This is a masterpiece of female/feminist empathy and genius. Art and nature, violence and literature, the impact of one’s own life and the lives one seeks to feed us, to help us make a sort of sense of it all—The Leftovers is alive with fierce intelligence and deep emotion. It’s a whole new kind of book, a brainy swirl of everything most sublime and most terrible about the world we inhabit.
—Michelle Tea
Shaelyn Smith’s The Leftovers extends the table of Judy Chicago’s The Dinner Party: it pronounces more of the names that should be pronounced; it draws in a wider range of practicing artists; it expands and complicates the context through which we read Chicago’s feminist and recuperative gesture… The Leftovers learns how to care for each level in this living environment and leaves the reader with a feeling that she’s learned something and planted something simultaneously.
—Renee Gladman
In prose both journalistically obsessive and poetically seductive, Smith inscribes our invitation to the banquet of feminist art. What better to slow-look in this moment than an installation dedicated to expanding our understanding of what women have brought to the table. Reading Smith is like watching a skilled collagist reassemble the female body from disparate crime scene photos and defiant snapshots. I feel reanimated. The Leftovers is thrilling and necessary work.
Loved this thoroughly researched, well-written book, which uses Judy Chicago's work as the center for extended meditations on feminist art, food, and violence. Learned a great deal. Highly recommend!
It's really one of the best collections of essays I've ever read. Smith has a total command over the essay form, and (more importantly) a nuanced and empathetic view of a rough world. "The Leftovers" is truly truly a triumph. And it's the kind of book that makes me want to write, to learn, to be a better person. 100% recommend.

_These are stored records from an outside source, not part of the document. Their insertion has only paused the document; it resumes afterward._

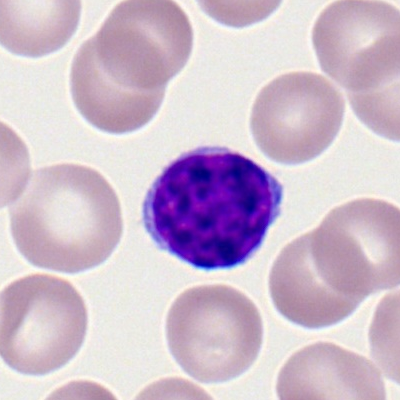 Cell — lymphocyte.
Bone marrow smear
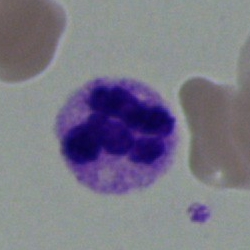Specimen: bone marrow aspirate smear.
Morphological class: polymorphonuclear neutrophil.
Lineage: myeloid.

Thoroughly enjoyed this book. I was on the way out of Housing Works, sad that I didn’t find anything, then saw this on the shelf by the door. Sometimes books you buy on a whim are even better than the ones you wait months for.
Some memorable bits:
- “There is not enough in this world to fill us up. It won’t keep us from trying.” - “…collapsing into each other, soft as overripe fruit.” - “When my best friend and I get together we eat and drink with abandon. I realize now that this constitutes both my definition of love and my definition of luxury. I realize how lucky I am to have identified the definition.” - “Cooking as tradition, culture, memory, requiem. The plate becomes inextricable from our desire for connection, for love. The plate becomes a metonym for how we live our lives. The fuller the plate, the fuller the life.” - “Robert Morris’s 1961 piece “box with the Sound of Its Own Making” is a simple wooden box that plays from within a recording of the making of the very box in which it’s held: three and a half hours of sawing and sanding and pounding, on loop. The general capacity of human beings: we can do anything, within our specific confinements and containers. We still are anything we ever were: a reeling and clinking of remembered sounds, collected textures.” - Chapter alternating between descriptions of the women at the table and some missing and murdered women who have been left out of Judy’s narrative - Passages explaining horribly ironic golf courses promising great views of the nearby prison, (but doesn’t allow people without proper ID, thought without verified background checks, anyone listed on a current or former facility visitation list onto the grounds) triathlons entitled “escape from Alcatraz”, restaurants based on prison food and cafeterias, waiters are formerly incarcerated individuals - Everything about Marina Abramović - “It’s hard when you love, but it’s even harder to lose love. But this is how we get stronger: we shrink the space. We learn to live in reality rather than in imagination. We learn to let some things go. We learn to accept that there will always be unknowables. To surrender to love is to be vulnerable to appetite.”
I first heard of Judy Chicago and Shaelyn Smith when Masque & Spectacle published an early version of "The Last Supper." I'm glad I finally got around to reading this collection in its entirety. Like Chicago's work, this collection is a bit of an homage to women and art, though Smith points out the limitations of the Chicago's representatives and"extends the table" as Renee Gladden writes for the back of the book. Because of that extension, I wish she did more with animals. There is so much about food: details about cooking (often meat) sit next to sections about violence toward women. I expected more to develop when it came to the violence of hunting, butchering, shucking, and otherwise preparing meat. That particular kind of violence seemed to be just at Smith's periphery, and it, too, fits into the larger explorations about desire & entitlement, social norms, and bodies in (culinary) art. On the whole, I thought The Leftovers was a thoughtful, elegant collection of essays. I hope to see more of Shaelyn Smith's work soon!
An essay collection with Judy Chicago's The Dinner Party as the constant, used as the starter for meditations on feminist art, herstory, violence and food.
While I'm only half way through, already the books poetic prose and realistic descriptions have me hooked. Smith writes about Judy Chicago but so much more. Will be giving this book to all who love art.